The photos of government parties during lockdown keep coming.
Soon we’ll see footage of the whole Cabinet recreating a Roman orgy in the Treasury Office last New Year’s Eve.
Then Grant Shapps will insist: “I assure you this was a workplace meeting. The nipple clamps were simply used as a quick way to unwind after a gruelling day arranging a trade deal with New Zealand.”
The leaked photos prove how hard they work. Some of them might plead “please let me go home”, but Michael Gove shrieks: “Nonsense. There’s another case of this full-bodied stuff from South Africa to get through, and we’ve hardly started on the Stilton.
“The public has put their trust in us, so it’s our moral duty to stuff the lot.”
So now almost the whole of the country holds them in contempt. Crowds at the darts and the football sing angry sweary songs about Boris Johnson.
If football matches continue without a crowd, instead of apologising to viewers if they can hear the players swearing, the commentators will say: “We apologise for the lack of bad language and abuse towards Boris Johnson this evening.
“We understand some of you will find this offensive.”
Suddenly everyone is scathing about him. It’s become common to hear someone say something like: “They should stick his cheese up his arse and use him as a mousetrap, the floppy-haired useless dingbat.”
Then a presenter says: “Thank you very much, that was the Conservative MP for south-east Dorset.”
Ant and Dec mocked him every night, and there are banners such as the one that says “Boris Johnson lies” across a bridge on the M25.

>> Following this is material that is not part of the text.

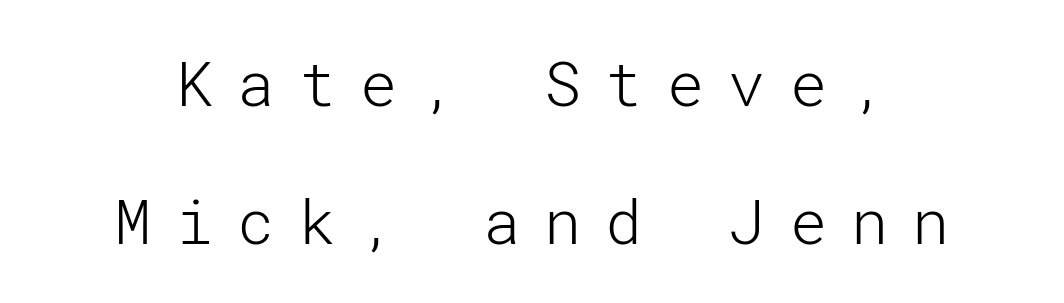
{"serif": "no", "italic": "no", "bold": "no", "weight": "light", "width": "normal", "stroke_contrast": "low", "x_height": "medium", "underline": "no", "line_spacing": "loose", "line_spacing_ratio": 2.23, "letter_spacing": "wide", "letter_spacing_em": 0.39, "glyph_px": 62}

This sort of thing is everywhere. I expect there’s a poster saying “Boris Johnson is a lying lump of kangaroo dung”, hung by the staff of Mabel’s Tea and Scone Shoppe in Dartmouth, over the display of lemon drizzle cake.
The presenter of Songs of Praise will introduce the programme by saying: “This week we come from the picturesque St. Joseph’s church in Little Tiddlebury, amidst the lush green heart of Wiltshire.
“Reverend Dingbury has been the vicar here for over 30 years, and he’s going to begin this evening’s service by leading the congregation in a rousing chorus of ‘Boris Johnson is a c***’.”
Johnson’s problem is he’s only known for his jolly scatty image.
Unlike Tony Blair or Margaret Thatcher – who stood for a set of ideas, however dreadful – he won’t be able to earn millions from travelling the world speaking at exclusive events.
So once he’s gone, no one will be interested in him.
He’ll be on programmes such as Celebrities go Dogging, judged by a panel of experts.
He’ll even be thrown off that after the first week, as he’s told: “Comb your hair before you pull your trousers down, you scruffy fool.”
Then he’ll try to claim he was only in the car park at 2am as he was at a workplace meeting.
And before long, we’ll put it out of our minds that he was ever, somehow, the person we elected to run the country.